In Author response image 2 we have added a plot showing the predictive performance of the IDyOM ltm model on MEG versus music data similar to Figure 3C for the Music Transformer. We believe the MT to be the more sensitive measure of context dependency, for reasons outlined earlier. For that reason, we have decided not to add it to the manuscript. Furthermore, even though this particular plot is not included, the exact same traces feature as part of Figures 2B and 3B, so the information is present in the manuscript nonetheless.

Author response image 2

– Figure 8: Adding the uncertainty estimates did not improve the model's predictive performance compared to surprise alone, but what about TRFs trained on uncertainty without surprise? Without this result, it is hard to understand why the surprise was chosen over uncertainty.

We did not investigate regression models using only the uncertainty regressor for two reasons. First, we were a priori primarily interested in the neural response to surprise, rather than uncertainty. Surprise is a much more direct index of content-based expectations and their violation than (unspecific) uncertainty, and since our theoretical interest is in content-based expectations, we focused on the former.

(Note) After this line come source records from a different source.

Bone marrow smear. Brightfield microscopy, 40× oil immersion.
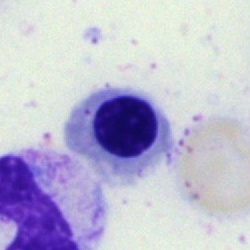
Cell type = normoblast.
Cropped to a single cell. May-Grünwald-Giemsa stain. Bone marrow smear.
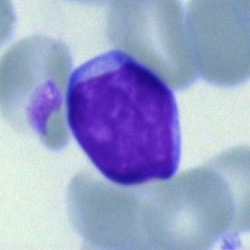Morphology — lymphocyte.
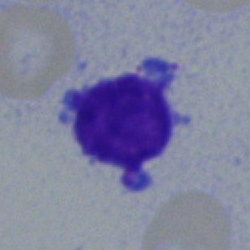

The cell is typical lymphocyte.
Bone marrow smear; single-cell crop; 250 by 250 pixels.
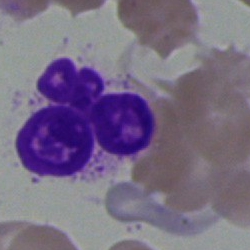Cell type: neutrophil (segmented).
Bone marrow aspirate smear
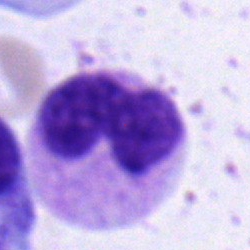

Q: Identify the cell.
A: A neutrophil (band).
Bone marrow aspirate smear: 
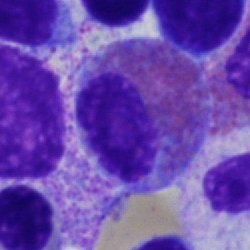 This is an eosinophil.
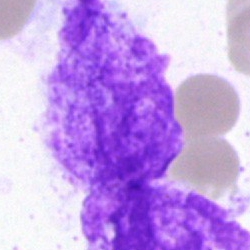The cell shown is an artifact.
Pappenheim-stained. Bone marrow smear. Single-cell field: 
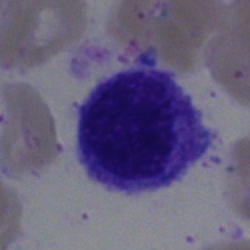 A lymphocyte.
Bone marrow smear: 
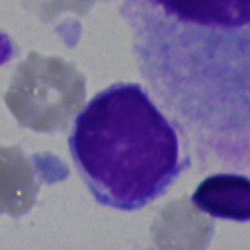Q: Which cell type is shown here?
A: A lymphocyte.
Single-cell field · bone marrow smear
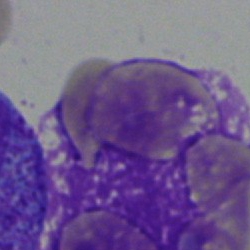

Impression — artefact.
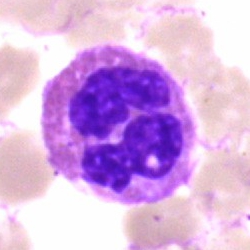

{"cell_type": "eosinophil", "lineage": "myeloid"}
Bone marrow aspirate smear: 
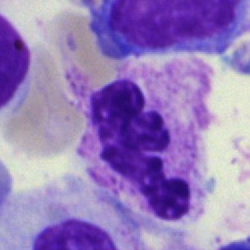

Second, we did explore the effect of uncertainty as a secondary interest, but found that adding uncertainty to the regression model not only did not improve the cross-validated performance, but actually worsened it (Figure 8B). Surprise and uncertainty were modestly correlated (Figure 8A), and therefore the most likely interpretation of this drop in cross-validated performance is that uncertainty truly does not explain additional neural variance. (That is, any neural variance it would explain on its own is likely due to its correlation with surprise; if it were to capture unique neural variance by itself, then the performance of the joint model would be at least as high as the model featuring only surprise.) For this a posteriori reason, in addition to the a priori reason already formulated, we did not further explore regression models featuring only uncertainty.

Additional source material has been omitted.